Digital RMB is positioned as cash in circulation (M0)
President Fan’s article emphasized that digital renminbi must meet cash management related laws and regulations such as the “Renminbi Management Regulations” and adhere to central bank management; digital renminbi is a public product provided by the central bank to the public, and the People’s Bank of China implements a free policy consistent with cash for digital renminbi , The related design, exchange, circulation, withdrawal, destruction and other costs are borne by the government; digital renminbi does not count interest, and the central bank does not charge for services such as exchange and circulation; commercial banks do not charge individual customers for digital renminbi redemption or redemption services With reference to the current arrangements for cash issuance, the central bank will allocate issuance costs and establish a reasonable and effective incentive mechanism.

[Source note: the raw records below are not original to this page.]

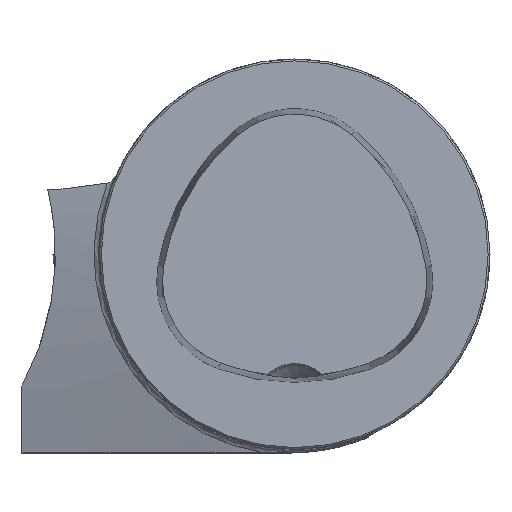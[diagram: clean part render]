
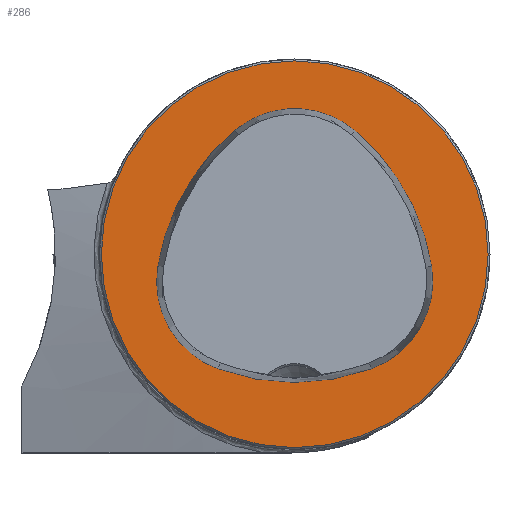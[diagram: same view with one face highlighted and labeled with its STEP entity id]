
A CAD part, top view. The second image highlights one B-rep face of the part: STEP entity #286.
In plain terms, the highlighted planar face has unit normal (0, 0, 1).
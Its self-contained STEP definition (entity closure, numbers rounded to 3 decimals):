
#125=FACE_BOUND('',#493,.T.);
#126=FACE_BOUND('',#494,.T.);
#286=ADVANCED_FACE('CU_E_LO_SU_1',(#125,#126),#361,.T.);
#361=PLANE('',#1700);
#493=EDGE_LOOP('',(#733,#734,#735,#736,#737,#738));
#494=EDGE_LOOP('',(#739));
#571=CIRCLE('',#1691,36.075);
#573=CIRCLE('',#1694,36.075);
#574=CIRCLE('',#1695,15.075);
#575=CIRCLE('',#1696,36.075);
#576=CIRCLE('',#1697,15.075);
#577=CIRCLE('',#1698,15.075);
#578=CIRCLE('',#1699,31.2);
#733=ORIENTED_EDGE('',*,*,#1291,.F.);
#734=ORIENTED_EDGE('',*,*,#1292,.F.);
#735=ORIENTED_EDGE('',*,*,#1293,.F.);
#736=ORIENTED_EDGE('',*,*,#1294,.F.);
#737=ORIENTED_EDGE('',*,*,#1288,.F.);
#738=ORIENTED_EDGE('',*,*,#1295,.F.);
#739=ORIENTED_EDGE('',*,*,#1296,.T.);
#1122=VERTEX_POINT('',#2815);
#1123=VERTEX_POINT('',#2817);
#1125=VERTEX_POINT('',#2823);
#1126=VERTEX_POINT('',#2824);
#1127=VERTEX_POINT('',#2826);
#1128=VERTEX_POINT('',#2828);
#1129=VERTEX_POINT('',#2832);
#1288=EDGE_CURVE('',#1122,#1123,#571,.T.);
#1291=EDGE_CURVE('',#1125,#1126,#573,.T.);
#1292=EDGE_CURVE('',#1127,#1125,#574,.T.);
#1293=EDGE_CURVE('',#1128,#1127,#575,.T.);
#1294=EDGE_CURVE('',#1123,#1128,#576,.T.);
#1295=EDGE_CURVE('',#1126,#1122,#577,.T.);
#1296=EDGE_CURVE('',#1129,#1129,#578,.T.);
#1691=AXIS2_PLACEMENT_3D('',#2816,#1904,#1905);
#1694=AXIS2_PLACEMENT_3D('',#2822,#1911,#1912);
#1695=AXIS2_PLACEMENT_3D('',#2825,#1913,#1914);
#1696=AXIS2_PLACEMENT_3D('',#2827,#1915,#1916);
#1697=AXIS2_PLACEMENT_3D('',#2829,#1917,#1918);
#1698=AXIS2_PLACEMENT_3D('',#2830,#1919,#1920);
#1699=AXIS2_PLACEMENT_3D('',#2831,#1921,#1922);
#1700=AXIS2_PLACEMENT_3D('',#2833,#1923,#1924);
#1904=DIRECTION('',(0.,0.,1.));
#1905=DIRECTION('',(1.,0.,0.));
#1911=DIRECTION('',(0.,0.,1.));
#1912=DIRECTION('',(1.,0.,0.));
#1913=DIRECTION('',(0.,0.,1.));
#1914=DIRECTION('',(1.,0.,0.));
#1915=DIRECTION('',(0.,0.,1.));
#1916=DIRECTION('',(1.,0.,0.));
#1917=DIRECTION('',(0.,0.,1.));
#1918=DIRECTION('',(1.,0.,0.));
#1919=DIRECTION('',(0.,0.,1.));
#1920=DIRECTION('',(1.,0.,0.));
#1921=DIRECTION('',(0.,0.,1.));
#1922=DIRECTION('',(1.,0.,0.));
#1923=DIRECTION('',(0.,0.,1.));
#1924=DIRECTION('',(1.,0.,0.));
#2815=CARTESIAN_POINT('',(-12.368,-18.489,0.));
#2816=CARTESIAN_POINT('',(0.,15.4,0.));
#2817=CARTESIAN_POINT('',(12.368,-18.489,0.));
#2822=CARTESIAN_POINT('',(13.535,-7.656,0.));
#2823=CARTESIAN_POINT('',(-9.716,19.927,0.));
#2824=CARTESIAN_POINT('',(-22.084,-1.937,0.));
#2825=CARTESIAN_POINT('',(0.,8.4,0.));
#2826=CARTESIAN_POINT('',(9.716,19.927,0.));
#2827=CARTESIAN_POINT('',(-13.535,-7.656,0.));
#2828=CARTESIAN_POINT('',(22.084,-1.937,0.));
#2829=CARTESIAN_POINT('',(7.2,-4.327,0.));
#2830=CARTESIAN_POINT('',(-7.2,-4.327,0.));
#2831=CARTESIAN_POINT('',(0.,0.,0.));
#2832=CARTESIAN_POINT('',(31.2,0.,0.));
#2833=CARTESIAN_POINT('',(0.,0.,0.));

From this, it is clear that as cash, digital renminbi can only be used for payment and cannot be used for borrowing. Banks cannot use digital renminbi to issue loans or purchase bonds and derive new digital renminbi accordingly. The total amount of digital renminbi is strictly enforced by the People’s Bank of China. Quota management. As a result, there will be no impact on M1, M2 and related financial services.
Digital RMB exchange can only be done by designated commercial banks
The People’s Bank of China will prudently select commercial banks with strong capital and technology as the designated operating institution. Under the People’s Bank of China’s quota management, it will open different types of digital renminbi wallets based on the identification strength of customer information, and carry out digital renminbi redemption. For the redemption service, non-designated banks and non-bank payment institutions are not allowed to open digital RMB wallets and provide digital RMB exchange for customers.
As a designated operating institution, commercial banks can cooperate with non-designated commercial banks and non-bank payment institutions to jointly provide digital renminbi circulation services and be responsible for retail link management under the supervision of the People’s Bank of China to realize the safe and efficient operation of digital renminbi, including payment Product design innovation, scenario expansion, market promotion, system development, business processing and operation and maintenance services, etc., maintain a fair market competition environment, and let the market play a decisive role in resource allocation.
The above content shows that the introduction of digital renminbi is completely confined to replacing cash, and the management system and operating rules remain basically unchanged. It will not affect the entire currency’s performance, operating system and operating mechanism, as well as the entire financial system and operating mechanism. Etc. have a major impact.